▸ **Exercise requirements**
Return the listing exactly. Keep no pictures.

▸ **Input**
BEGIN

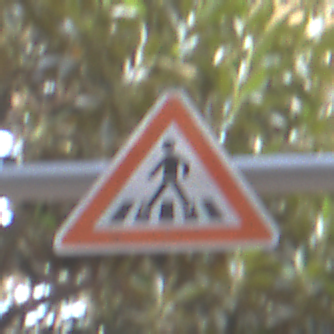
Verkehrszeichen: FussgaengerueberwegRechts
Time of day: MorningAfternoon
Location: Outdoor (Suburban)
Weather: PartlyCloudy
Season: NotSpecified
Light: Natural
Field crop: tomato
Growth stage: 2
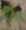
Species: solanum

END

▸ **Response**
Verkehrszeichen: FussgaengerueberwegRechts
Time of day: MorningAfternoon
Location: Outdoor (Suburban)
Weather: PartlyCloudy
Season: NotSpecified
Light: Natural
Field crop: tomato
Growth stage: 2
Species: solanum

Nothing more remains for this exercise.